- [The problem]: Each line from the one containing "Q: Is the spacing between letters" through the last line of the data below is to be written out verbatim, and nothing more.
────────────────
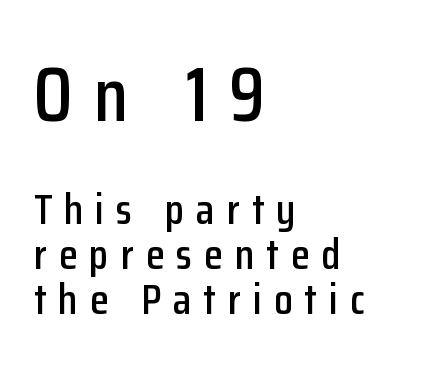
{"serif": "no", "italic": "no", "width": "condensed", "stroke_contrast": "low", "x_height": "medium", "monospaced": "no", "underline": "no", "align": "left", "line_spacing": "tight", "line_spacing_ratio": 1.05, "letter_spacing": "wide", "letter_spacing_em": 0.28, "larger_block": "first", "size_ratio": 1.77, "glyph_px": 76}
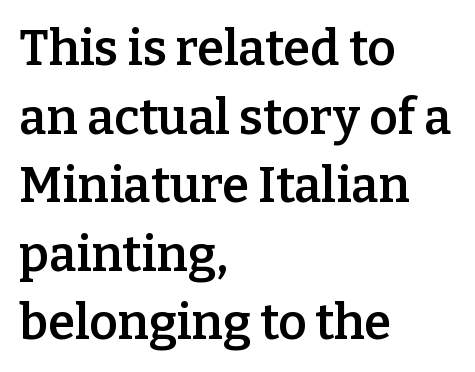
{"serif": "yes", "italic": "no", "bold": "semi", "weight": "semibold", "width": "normal", "stroke_contrast": "low", "x_height": "medium", "monospaced": "no", "underline": "no", "align": "left", "line_spacing": "normal", "line_spacing_ratio": 1.4, "letter_spacing": "normal", "letter_spacing_em": 0.0, "glyph_px": 49}
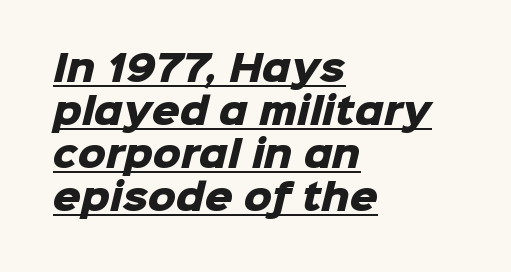
The image shows 35 px heavy sans-serif type; set left-aligned, line spacing 1.23x, normal letter spacing, underlined; low stroke contrast and a medium x-height.
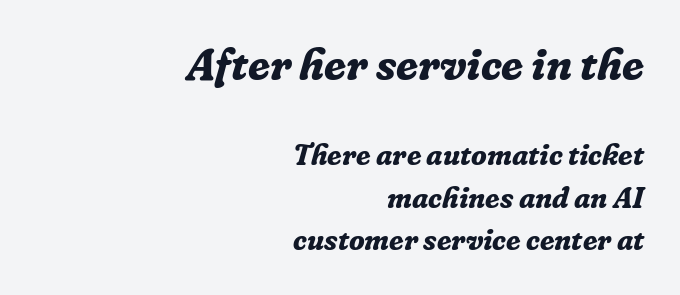
{"serif": "yes", "italic": "yes", "lean": "right", "slant_degrees": 16, "bold": "yes", "weight": "bold", "width": "normal", "stroke_contrast": "low", "x_height": "medium", "monospaced": "no", "underline": "no", "align": "right", "line_spacing": "normal", "line_spacing_ratio": 1.47, "letter_spacing": "normal", "letter_spacing_em": 0.0, "larger_block": "first", "size_ratio": 1.52, "glyph_px": 44}
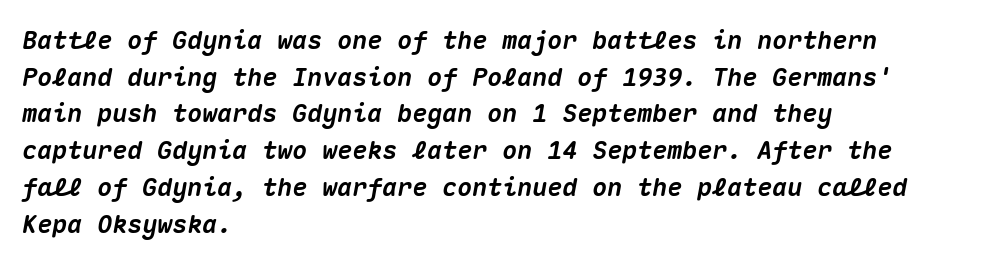
Q: Is the text bold? A: Yes.
Q: Is the text italic (slanted)? A: Yes, it leans right by about 10 degrees.
Q: Is the text underlined? A: No.
Q: How is the paragraph aligned? A: Left-aligned.
Q: Is the spacing between letters normal or unusually wide? A: Normal.
Q: Is the spacing between lines tight, normal or loose? A: Normal.
────────────────
- [Expected answer]:
Q: Is the spacing between letters normal or unusually wide? A: Normal.
Q: Is the spacing between lines tight, normal or loose? A: Normal.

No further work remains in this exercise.